= ASSIGNED TASK =
With the pictures left out, write every entry down exactly.

= RECORDS SUPPLIED =

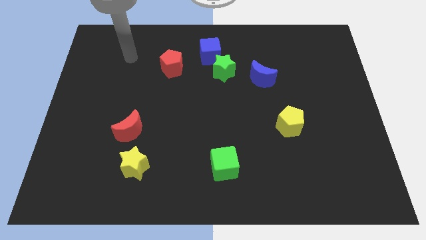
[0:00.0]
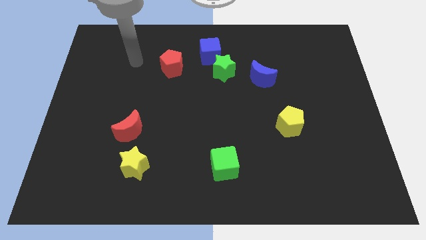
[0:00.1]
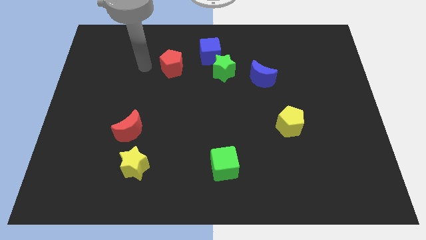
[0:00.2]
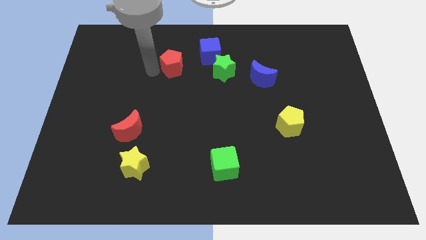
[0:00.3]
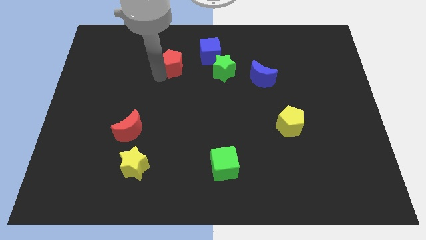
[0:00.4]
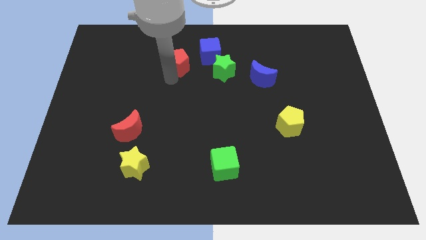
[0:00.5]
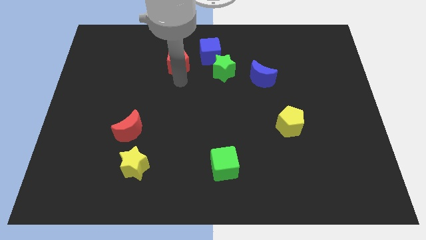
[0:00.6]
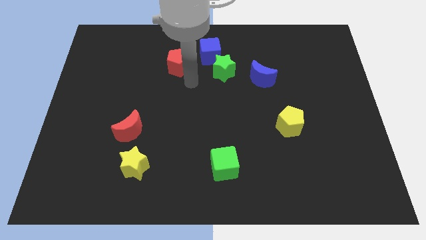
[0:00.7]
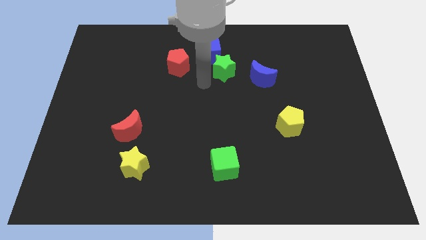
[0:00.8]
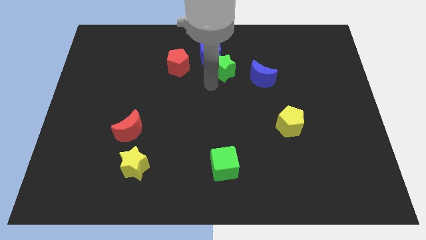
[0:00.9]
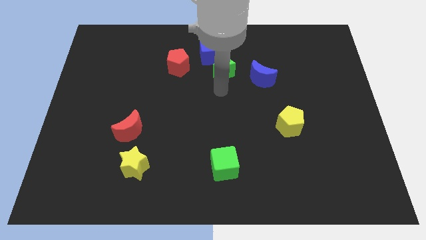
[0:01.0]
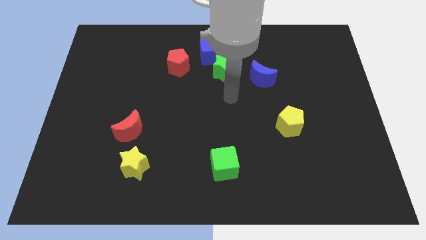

= RESPONSE BELOW =
[0:00.0]
[0:00.1]
[0:00.2]
[0:00.3]
[0:00.4]
[0:00.5]
[0:00.6]
[0:00.7]
[0:00.8]
[0:00.9]
[0:01.0]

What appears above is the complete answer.